**Material for this task**
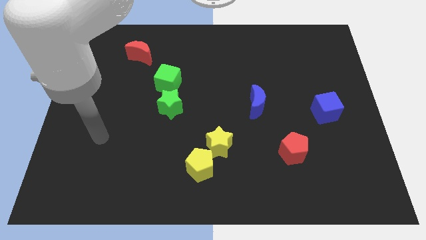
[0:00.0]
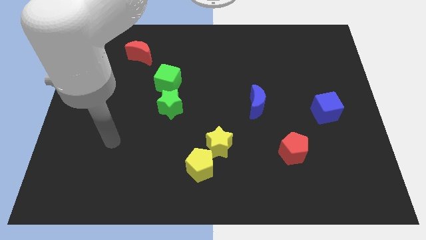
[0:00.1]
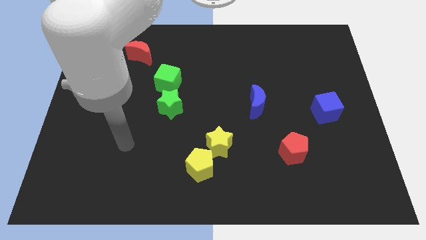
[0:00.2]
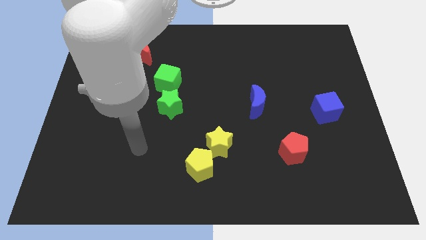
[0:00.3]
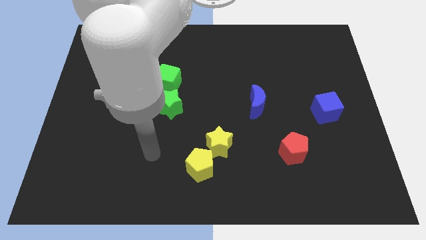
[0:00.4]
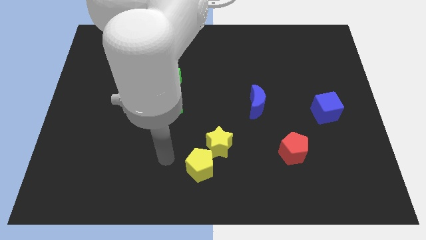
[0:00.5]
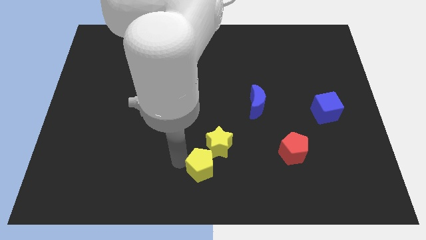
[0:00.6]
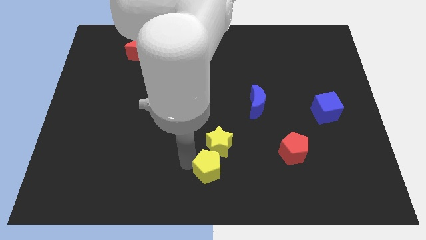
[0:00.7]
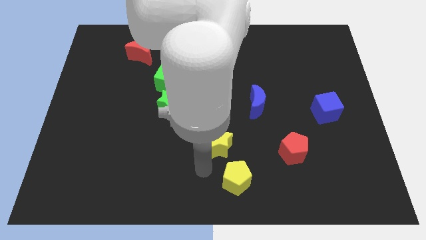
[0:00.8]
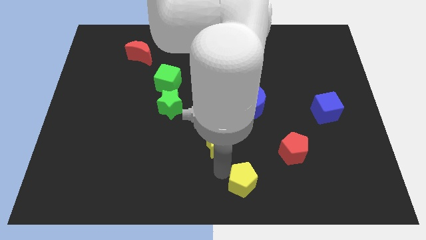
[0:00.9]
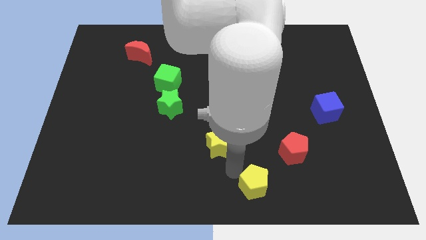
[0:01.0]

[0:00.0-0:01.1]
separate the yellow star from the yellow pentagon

**The task**
The task requires the full listing to be given again verbatim, without its pictures.

**Your response**
[0:00.0]
[0:00.1]
[0:00.2]
[0:00.3]
[0:00.4]
[0:00.5]
[0:00.6]
[0:00.7]
[0:00.8]
[0:00.9]
[0:01.0]

[0:00.0-0:01.1]
separate the yellow star from the yellow pentagon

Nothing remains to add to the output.